Homes are wrecked and a ship is swept ashore. The images resemble Japan’s 2011 quake and tsunami, but the survivors’ clothes are from another age.
These photographs, on display for the first time in a Tokyo museum, show what happened when a magnitude-8.2 earthquake struck off the coast of northeastern Japan on June 15, 1896.
The Meiji-Sanriku quake triggered a tsunami which destroyed nearly 10,000 homes and left around 22,000 people dead.
“Back then, daily newspapers and magazines carried stories and photos of the disaster,” says Keisho Ishiguro, 70, who inherited the collection from his father. “But none of the original photos have been shown in public before. I think some of them must have been lost in the war.”
The earthquake struck at 7:32 p.m. beneath the ocean off Iwate Prefecture. Along the coast the tremor seemed only moderate and local residents did not immediatly evacuate, according to Ritsuko Matsuura, a researcher at the Association for the Development of Earthquake Prediction.
About 35 minutes later, a tsunami swept inland. In Ofunato city, the wave exceeded 30 meters in height.
The pictures were the property of a photographer of that time, Matsuchi Nakajima. In 1956, eight of his albums and cameras were sold to Ishiguro's father, Keishichi.
The albums contained 48 prints showing the aftermath of the tsunami.
Ishiguro initially supposed Nakajima had taken the photos. But after doing some research he came to believe that they were probably the work of a relative.
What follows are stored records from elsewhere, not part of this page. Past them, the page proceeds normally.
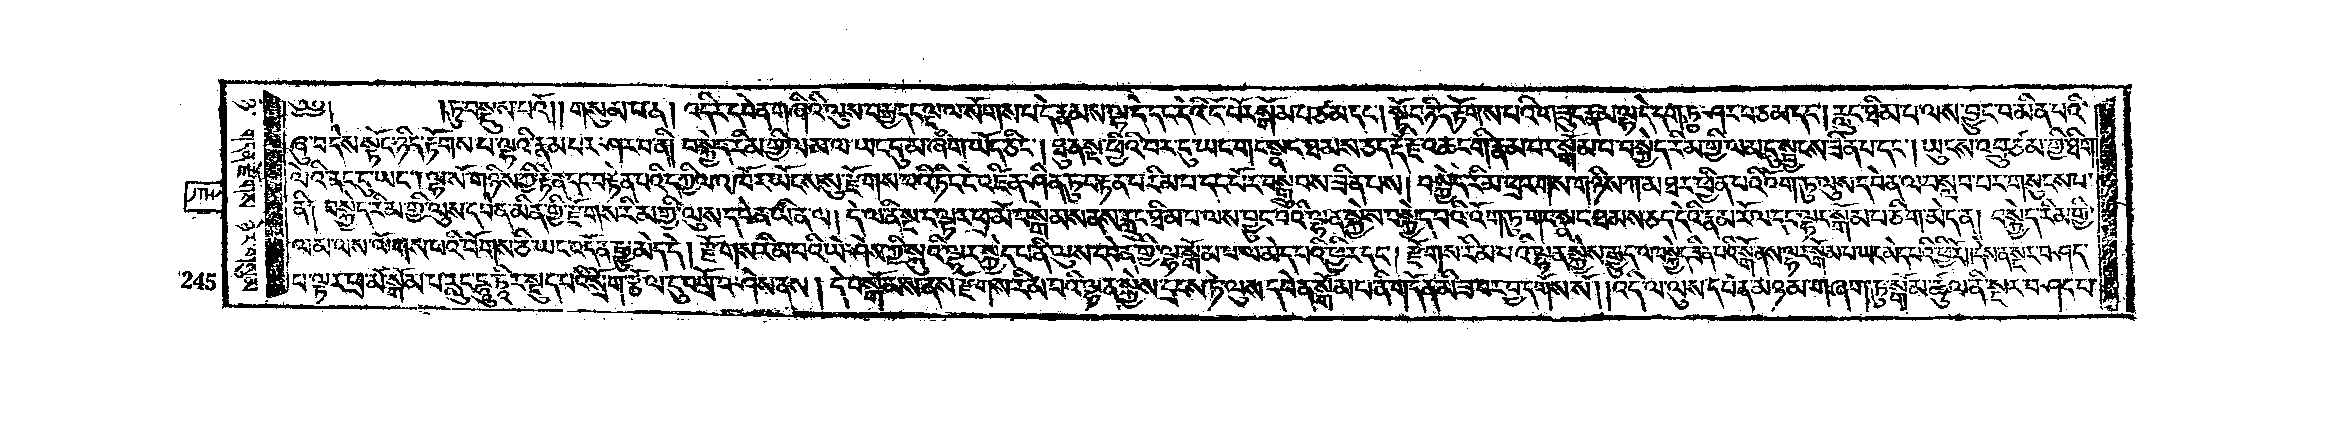༄༅། །ཏུ་བསྡུས་པའོ། །གསུམ་པ་ནི། འདིར་དབེན་གཞིའི་ལུས་བརྒྱ་དང་ལྔ་ལ་སོགས་པ་དེ་རྣམས་ལྷ་དེ་དང་དེའི་ངོ་བོར་སྒོམ་པ་ཙམ་དང་། སྟོང་ཉིད་རྟོགས་པའི་གཟུང་རྣམ་ལྷ་དེ་དག་ཏུ་ཤར་བ་ཙམ་དང་། རླུང་ཐིམ་པ་ལས་བྱུང་བ་མིན་པའི་
ཞུ་བདེས་སྟོང་ཉིད་རྟོགས་པ་ལྷའི་རྣམ་པར་ཤར་བ་ནི། བསྐྱེད་རིམ་གྱི་ལམ་ལ་ཡང་དུ་མ་ཞིག་ཡོད་ཅིང་། ཐུན་སྔ་ཕྱིའི་བར་དུ་ཡང་གང་སྣང་ཐམས་ཅད་རྡོ་རྗེ་འཆང་གི་རྣམ་པར་སྒོམ་པ་བསྐྱེད་རིམ་གྱི་ལམ་དུ་སྦྱངས་ཟིན་པ་དང་། ཡུངས་འབྲུ་ཙམ་གྱི་ཐིག་
ལེའི་ནང་དུ་ཡང་། ལྷ་སོ་གཉིས་ཀྱི་རྟེན་དང་བརྟེན་པའི་དཀྱིལ་འཁོར་ཡོངས་སུ་རྫོགས་པའི་ཏིང་ངེ་འཛིན་ཤིན་ཏུ་བརྟན་པ་རིམ་པ་དང་པོར་བསྒྲུབས་ཟིན་པས། བསྐྱེད་རིམ་ཕྲ་རགས་གཉིས་ཀ་མཐར་ཕྱིན་པའི་འོག་ཏུ་ལུས་དབེན་ལ་བསླབ་པར་གསུངས་པ་
ནི། བསྐྱེད་རིམ་གྱི་ལུས་དབེན་མིན་གྱི་རྫོགས་རིམ་གྱི་ལུས་དབེན་ཡིན་ལ། དེ་ལ་ནི་སྔར་ལྟར་ཕྲ་མོ་བསྒོམས་ནས་རླུང་ཐིམ་པ་ལས་བྱུང་བའི་ལྷན་སྐྱེས་བསྐྱེད་པའི་འོག་ཏུ་གང་སྣང་ཐམས་ཅད་དེའི་རྣམ་རོལ་དང་ལྷར་སྒོམ་པ་ཅིག་མེད་ན། བསྐྱེད་རིམ་གྱི་
ལམ་ལས་ལོགས་པའི་བོགས་ཅི་ཡང་འདོན་རྒྱུ་མེད་དེ། རྫོགས་རིམ་པའི་ཡེ་ཤེས་ཀྱི་སྐུའི་ལྷར་སྐྱེད་པ་ནི་ལུས་དབེན་གྱི་ལྷ་སྒོམ་པ་ལ་མེད་པའི་ཕྱིར་དང་། རྫོགས་རིམ་པའི་ལྷན་སྐྱེས་རྒྱུད་ལ་བསྐྱེད་ཟིན་པའི་སྒོ་ནས་ལྷར་སྒོམ་པ་ཡང་མེད་པའི་ཕྱིར་རོ། །དེས་ན་སྔར་བཤད་
པ་ལྟར་ཕྲ་མོ་སྒོམ་པ་རླུང་དྷཱུ་ཏཱིར་སྡུད་པའི་སྲོག་རྩོལ་དུ་འགྲོ་བ་ཤེས་ནས། དེ་བསྒོམས་ནས་རྫོགས་རིམ་པའི་ལྷན་སྐྱེས་དྲངས་ཏེ་ལུས་དབེན་སྒོམ་པ་ནི་གདོན་མི་ཟ་བར་བྱ་དགོས་སོ། །འདི་ལ་ལུས་དབེན་མཉམ་གཞག་ཏུ་སྒོམ་ཚུལ་ནི་སྔར་བཤད་པ་

Nakajima’s nephew was Kotaro Miyauchi, who served as the photographer’s student and assistant. There is evidence Miyauchi traveled to the disaster area less than a month later.
The images are compelling. Wrecked homes imply a terrible human cost; survivors stand around with stunned expressions; and workers at a makeshift hospital administer first aid.
The photos can be seen at the Suginami Historial Museum in western Tokyo, in an exhibition entitled “Hakkensareta Meiji-Sanriku Tsunami no Koshashin” (Discovered old photos of the Meiji-Sanriku tsunami).
Forty-five images are on display. Three were withheld for reasons that they include the graphic depiction of bodies.
The locations can be identified because photographs were annotated. They depict coastal communities from Kamaishi to Ofunato in Iwate Prefecture.
“At first I hesitated to release the photos, as they show a disaster,” said Ishiguro. “But then I decided to, because I want central and local governments to see what happened and to develop better tsunami preparations in future.”
The 45 photos will shortly travel to Germany, where they are scheduled to go on display at an international photo exhibition in Cologne.
Meanwhile, as Japan continues to count the cost of the 2011 quake and tsunami, the Suginami Historical Museum is also showing video images of that more recent disaster.
The film shows the tsunami as it engulfs a neighborhood of Kamaishi on March 11, the day of what is now known in Japan as the Great East Japan Earthquake.
It was shot in Ryoishicho district by Hajime Seto, 67, who heads a local community association. He also leads a circle known as the “Kamaishishi no Ryoishicho Tsunami wo Kataru Kai” (Kamaishi's Ryoishicho tsunami discussion group).
Seto is one of those credited with helping to save dozens of lives in what is known locally as the Kamaishi Miracle: Most of the local elementary and junior high school students who felt the quake fled for higher ground; they then survived the wave.
Earlier, Seto had addressed school students on the dangers of tsunami.
“A tsunami had hit our town every 60 years or so. Predicting that would continue, I had installed a video camera at the entrance (of my house),” Seto said.
“I want people in Tokyo and areas that have been seldom affected by tsunami to see the video footage and think about preparing for disaster.”